Melting is your destiny

Cambridge Earth Scientists are contributing to our understanding of the climate system by studying the history of climate change recorded in sediments deposited on the sea floor.

Studies like those described here are helping to achieve this, by revealing the feedbacks, thresholds and characteristic timescales for climate adjustment, across a wide range of climatic contexts.

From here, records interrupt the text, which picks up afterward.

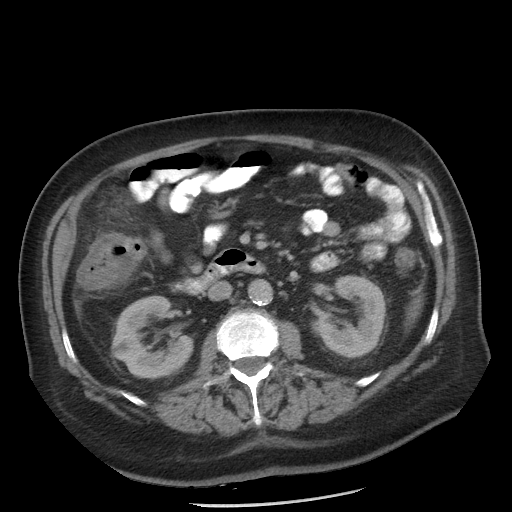

CT. Abdomen. 512x512 px.
The colon tumor appears at 76 234 147 290.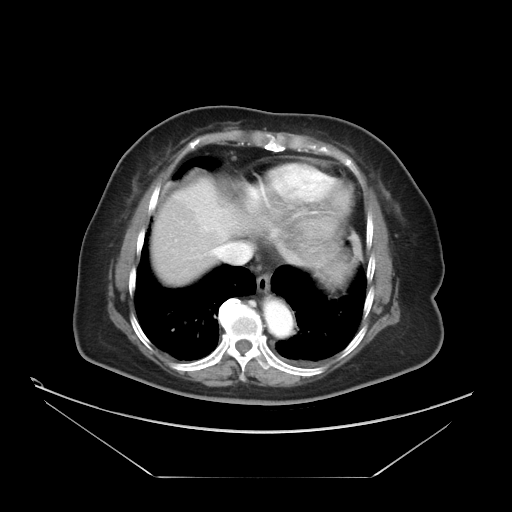 512x512; CT slice
Not every hepatic vessel necessarily has a box.
hepatic vessel: 211:247:223:257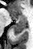
Medial temporal lobe; Magnetic resonance
The posterior hippocampus lies within 11 22 25 34. The anterior hippocampus is at 11 13 25 21.
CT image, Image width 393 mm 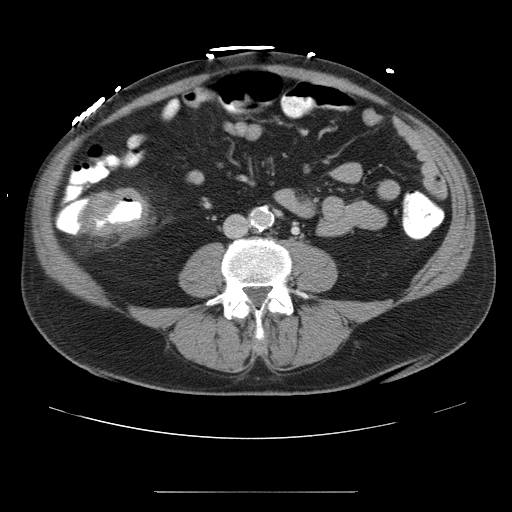 The colon tumor appears at [79,188,149,235].
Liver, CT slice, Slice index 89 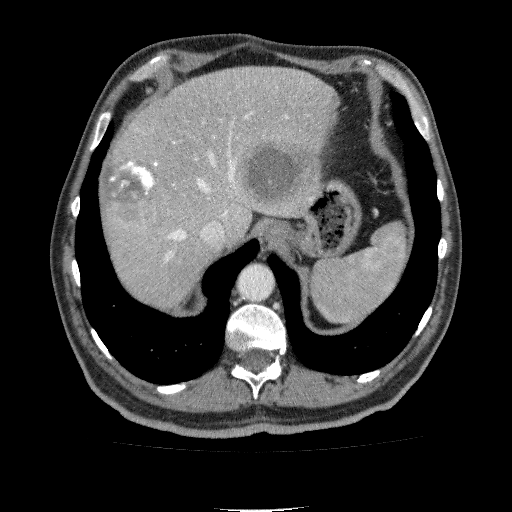 {
  "liver": [
    "bbox(102, 68, 340, 312)"
  ],
  "focal_liver_lesion": [
    "bbox(237, 140, 314, 206)",
    "bbox(100, 150, 159, 221)"
  ]
}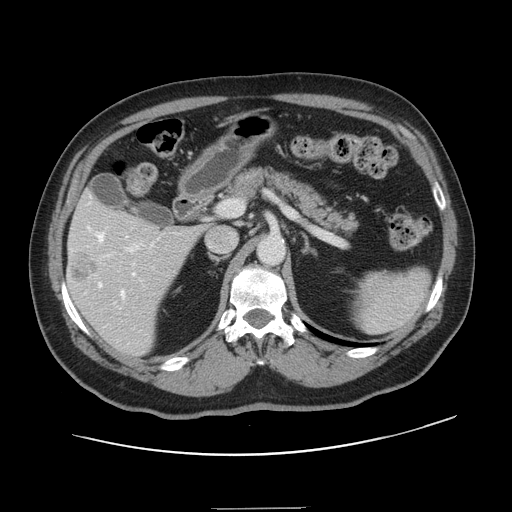 CT. 512x512.
Some hepatic vessels may have no box.
Hepatic vessel: bounding box (88,226,89,229), (121,290,124,296), (98,233,102,242), (90,196,90,199), (128,245,138,251), (89,201,90,203), (98,283,101,286), (132,273,134,275).
Liver tumor: bounding box (73,255,96,281).

The Earth’s climate has always changed and no doubt always will. However, this alone does not tell us very much about the climate system: we need to be able to say exactly how and why climate can change. Today this requirement has been brought to the fore by the prospect of human-induced global climate change resulting largely from greenhouse gas emissions that arise from our massive and growing appetite for fossil fuels. Thousands of scientists are now striving to predict how a sharp rise in greenhouse gas concentrations will affect the entire climate system, including the ecosystems and societies that it supports. But how can we be sure about our theories of climate change, let alone our theories of ecosystem or market response? Just how important are greenhouse gases in controlling global climate? And what are the timescales and thresholds of climate adjustment? These are just some of the urgent questions that have been raised by the prospect of anthropogenic climate change.

To help answer such questions we can look to the past, at how the Earth’s climate evolved prior to the relative stability that human society has so far enjoyed. Researchers in the Department of Earth Sciences are taking up this challenge, using marine sediments as their lens into the past, and as a guide to the future.

Palaeoclimatology

The study of past climate change – palaeoclimatology – aims to reconstruct what has happened in the past, in the oceans, on the land, in the atmosphere and in ecosystems, and to infer how the global climate system works ‘as a whole’. In the last 20 years of palaeoclimate research, three major questions have emerged that are particularly relevant to modern climate change. First, how did changes in solar radiation (insolation) and atmospheric carbon dioxide (CO2) conspire to trigger massive global climate upheavals such as the glacial–interglacial (‘ice-age’) climate cycles? Second, what regulates atmospheric CO2 concentrations under changing climatic conditions, and what roles can we ascribe to marine biological productivity or ocean circulation changes in particular? And third, how abruptly can regional climate change and with what repercussions for the rest of the world?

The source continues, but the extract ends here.